▶ EXERCISE PROMPT: Reply with nothing but how many lines in the entries below include "strong".

▶ DATA:

"""

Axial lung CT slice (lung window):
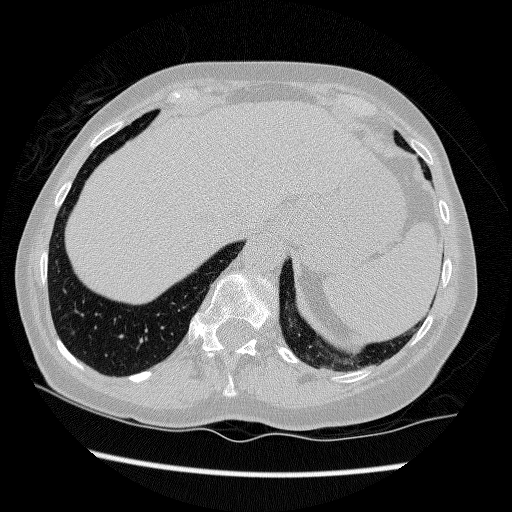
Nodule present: no
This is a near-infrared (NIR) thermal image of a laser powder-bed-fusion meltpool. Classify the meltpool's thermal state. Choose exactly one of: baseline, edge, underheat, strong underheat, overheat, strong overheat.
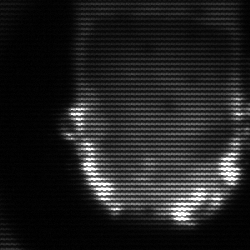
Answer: strong underheat
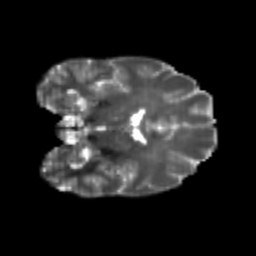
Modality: T2w
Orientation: coronal
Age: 24
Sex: male
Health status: healthy
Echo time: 0.074 s
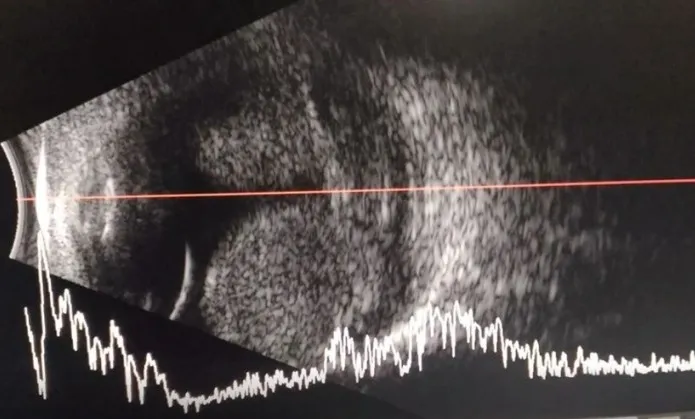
Photomicrograph of the ocular ultrasound of the right eye.
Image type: radiology (ultrasound)
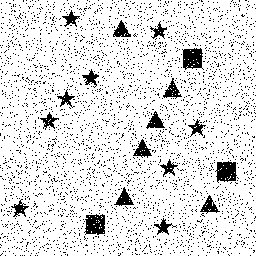
Squares: 3
Triangles: 6
Stars: 9
Total shapes: 18
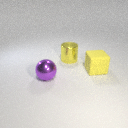
large yellow metal cylinder to the left of large yellow rubber cube
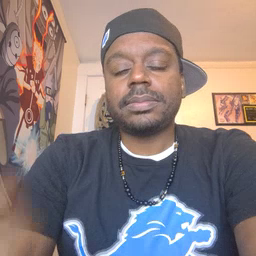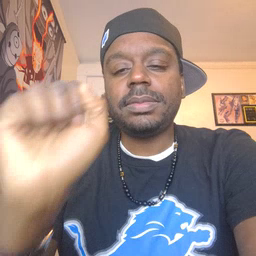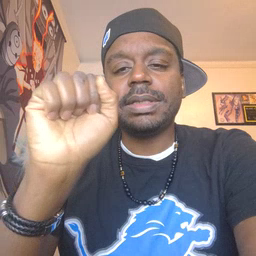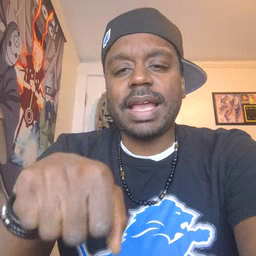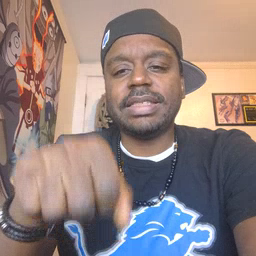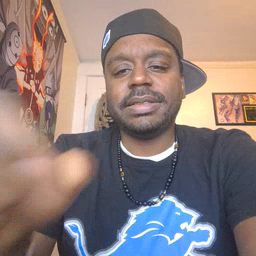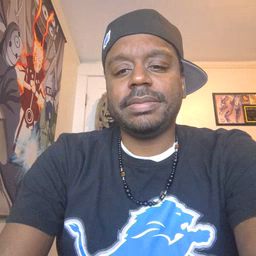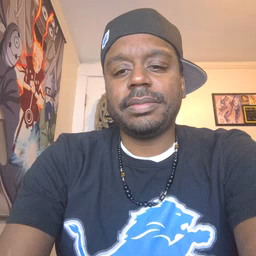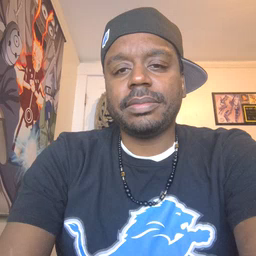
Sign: can
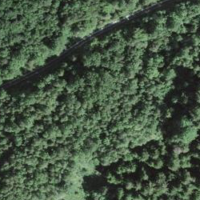
EUNIS habitat code: 43
Species observed at this site:
Orchis militaris
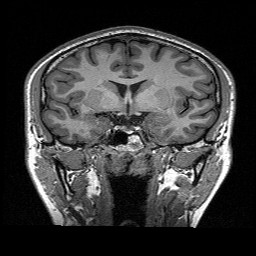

"""

▶ ANSWER BELOW: 2